■ **WHAT YOU WILL DO**
In the records that follow, find the line with "#632 = ORIENTED_EDGE"; from there, retype every line exactly through the line with "#1994 = ORIENTED_EDGE", which also belongs to the answer.

--- RECORDS FOR THIS TASK Enclosed Below ---

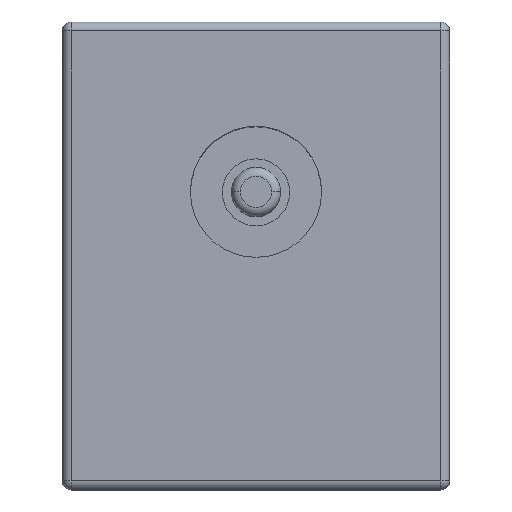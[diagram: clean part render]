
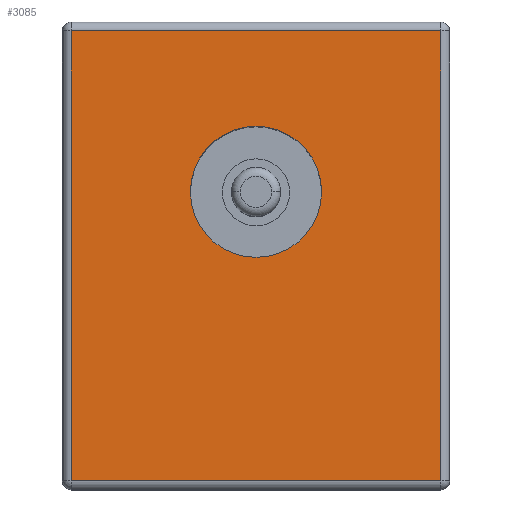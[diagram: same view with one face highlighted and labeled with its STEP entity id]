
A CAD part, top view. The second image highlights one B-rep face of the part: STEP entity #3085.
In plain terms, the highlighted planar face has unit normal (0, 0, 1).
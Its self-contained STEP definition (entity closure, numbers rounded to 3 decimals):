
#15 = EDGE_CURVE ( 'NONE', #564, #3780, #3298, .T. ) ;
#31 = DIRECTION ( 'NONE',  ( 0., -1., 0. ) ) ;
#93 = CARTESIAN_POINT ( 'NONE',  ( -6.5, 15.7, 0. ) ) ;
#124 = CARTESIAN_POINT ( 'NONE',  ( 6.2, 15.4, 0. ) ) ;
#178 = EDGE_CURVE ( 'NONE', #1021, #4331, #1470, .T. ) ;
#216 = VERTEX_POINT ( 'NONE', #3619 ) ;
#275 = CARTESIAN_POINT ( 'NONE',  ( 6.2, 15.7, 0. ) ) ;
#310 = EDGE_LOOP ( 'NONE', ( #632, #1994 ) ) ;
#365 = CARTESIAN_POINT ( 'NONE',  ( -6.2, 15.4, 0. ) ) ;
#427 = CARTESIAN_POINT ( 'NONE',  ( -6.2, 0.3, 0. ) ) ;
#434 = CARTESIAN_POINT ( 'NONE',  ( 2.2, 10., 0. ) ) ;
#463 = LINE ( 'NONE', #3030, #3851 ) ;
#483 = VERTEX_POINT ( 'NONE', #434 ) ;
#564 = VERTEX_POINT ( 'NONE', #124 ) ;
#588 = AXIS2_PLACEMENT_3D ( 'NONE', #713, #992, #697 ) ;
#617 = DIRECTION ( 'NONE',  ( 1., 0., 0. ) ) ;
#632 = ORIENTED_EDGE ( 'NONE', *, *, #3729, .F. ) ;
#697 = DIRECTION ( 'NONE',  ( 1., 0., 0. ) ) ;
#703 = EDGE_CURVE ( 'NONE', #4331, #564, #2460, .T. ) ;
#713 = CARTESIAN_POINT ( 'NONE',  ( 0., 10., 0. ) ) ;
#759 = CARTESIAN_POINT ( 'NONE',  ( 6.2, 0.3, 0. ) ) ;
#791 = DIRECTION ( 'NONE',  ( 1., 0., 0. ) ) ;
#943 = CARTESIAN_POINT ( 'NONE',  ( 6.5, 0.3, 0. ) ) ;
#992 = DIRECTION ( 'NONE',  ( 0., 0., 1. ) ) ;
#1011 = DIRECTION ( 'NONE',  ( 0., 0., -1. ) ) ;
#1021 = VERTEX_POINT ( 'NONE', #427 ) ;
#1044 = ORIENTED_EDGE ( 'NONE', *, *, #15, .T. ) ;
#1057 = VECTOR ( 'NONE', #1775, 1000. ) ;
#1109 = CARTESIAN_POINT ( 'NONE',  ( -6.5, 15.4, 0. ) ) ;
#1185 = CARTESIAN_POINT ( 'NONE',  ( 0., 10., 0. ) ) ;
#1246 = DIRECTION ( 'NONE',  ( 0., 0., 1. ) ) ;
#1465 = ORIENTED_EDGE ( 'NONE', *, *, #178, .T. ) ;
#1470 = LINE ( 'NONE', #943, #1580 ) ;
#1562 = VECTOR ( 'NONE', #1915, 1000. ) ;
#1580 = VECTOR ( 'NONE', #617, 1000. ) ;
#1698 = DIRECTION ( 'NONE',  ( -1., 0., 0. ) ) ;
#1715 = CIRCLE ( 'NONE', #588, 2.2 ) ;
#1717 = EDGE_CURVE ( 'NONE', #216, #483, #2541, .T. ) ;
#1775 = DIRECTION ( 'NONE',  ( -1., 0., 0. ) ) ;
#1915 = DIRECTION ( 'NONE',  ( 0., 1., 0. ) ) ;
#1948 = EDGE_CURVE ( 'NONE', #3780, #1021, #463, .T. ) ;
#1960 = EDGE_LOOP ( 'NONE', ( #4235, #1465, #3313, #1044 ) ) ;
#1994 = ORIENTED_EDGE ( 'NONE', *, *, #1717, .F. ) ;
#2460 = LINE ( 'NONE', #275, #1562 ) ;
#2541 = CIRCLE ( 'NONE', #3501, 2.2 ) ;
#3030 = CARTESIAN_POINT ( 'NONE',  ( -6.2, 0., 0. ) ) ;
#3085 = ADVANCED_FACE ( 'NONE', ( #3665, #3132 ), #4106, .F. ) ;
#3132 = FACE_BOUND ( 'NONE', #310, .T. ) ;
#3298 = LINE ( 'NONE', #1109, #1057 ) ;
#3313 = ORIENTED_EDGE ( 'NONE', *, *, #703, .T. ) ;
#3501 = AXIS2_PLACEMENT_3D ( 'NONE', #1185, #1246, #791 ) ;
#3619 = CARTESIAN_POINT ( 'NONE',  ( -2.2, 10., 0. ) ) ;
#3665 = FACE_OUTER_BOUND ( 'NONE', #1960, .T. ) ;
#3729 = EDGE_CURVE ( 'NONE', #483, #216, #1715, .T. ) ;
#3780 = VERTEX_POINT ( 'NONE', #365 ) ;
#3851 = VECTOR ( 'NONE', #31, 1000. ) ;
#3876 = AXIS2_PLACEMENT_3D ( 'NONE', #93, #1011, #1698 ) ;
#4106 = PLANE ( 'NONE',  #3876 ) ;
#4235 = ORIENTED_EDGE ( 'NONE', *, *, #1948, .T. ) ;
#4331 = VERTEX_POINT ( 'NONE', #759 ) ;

--- End of Enclosed RECORDS FOR THIS TASK ---

■ **ANSWER TO THE EXERCISE**
#632 = ORIENTED_EDGE ( 'NONE', *, *, #3729, .F. ) ;
#697 = DIRECTION ( 'NONE',  ( 1., 0., 0. ) ) ;
#703 = EDGE_CURVE ( 'NONE', #4331, #564, #2460, .T. ) ;
#713 = CARTESIAN_POINT ( 'NONE',  ( 0., 10., 0. ) ) ;
#759 = CARTESIAN_POINT ( 'NONE',  ( 6.2, 0.3, 0. ) ) ;
#791 = DIRECTION ( 'NONE',  ( 1., 0., 0. ) ) ;
#943 = CARTESIAN_POINT ( 'NONE',  ( 6.5, 0.3, 0. ) ) ;
#992 = DIRECTION ( 'NONE',  ( 0., 0., 1. ) ) ;
#1011 = DIRECTION ( 'NONE',  ( 0., 0., -1. ) ) ;
#1021 = VERTEX_POINT ( 'NONE', #427 ) ;
#1044 = ORIENTED_EDGE ( 'NONE', *, *, #15, .T. ) ;
#1057 = VECTOR ( 'NONE', #1775, 1000. ) ;
#1109 = CARTESIAN_POINT ( 'NONE',  ( -6.5, 15.4, 0. ) ) ;
#1185 = CARTESIAN_POINT ( 'NONE',  ( 0., 10., 0. ) ) ;
#1246 = DIRECTION ( 'NONE',  ( 0., 0., 1. ) ) ;
#1465 = ORIENTED_EDGE ( 'NONE', *, *, #178, .T. ) ;
#1470 = LINE ( 'NONE', #943, #1580 ) ;
#1562 = VECTOR ( 'NONE', #1915, 1000. ) ;
#1580 = VECTOR ( 'NONE', #617, 1000. ) ;
#1698 = DIRECTION ( 'NONE',  ( -1., 0., 0. ) ) ;
#1715 = CIRCLE ( 'NONE', #588, 2.2 ) ;
#1717 = EDGE_CURVE ( 'NONE', #216, #483, #2541, .T. ) ;
#1775 = DIRECTION ( 'NONE',  ( -1., 0., 0. ) ) ;
#1915 = DIRECTION ( 'NONE',  ( 0., 1., 0. ) ) ;
#1948 = EDGE_CURVE ( 'NONE', #3780, #1021, #463, .T. ) ;
#1960 = EDGE_LOOP ( 'NONE', ( #4235, #1465, #3313, #1044 ) ) ;
#1994 = ORIENTED_EDGE ( 'NONE', *, *, #1717, .F. ) ;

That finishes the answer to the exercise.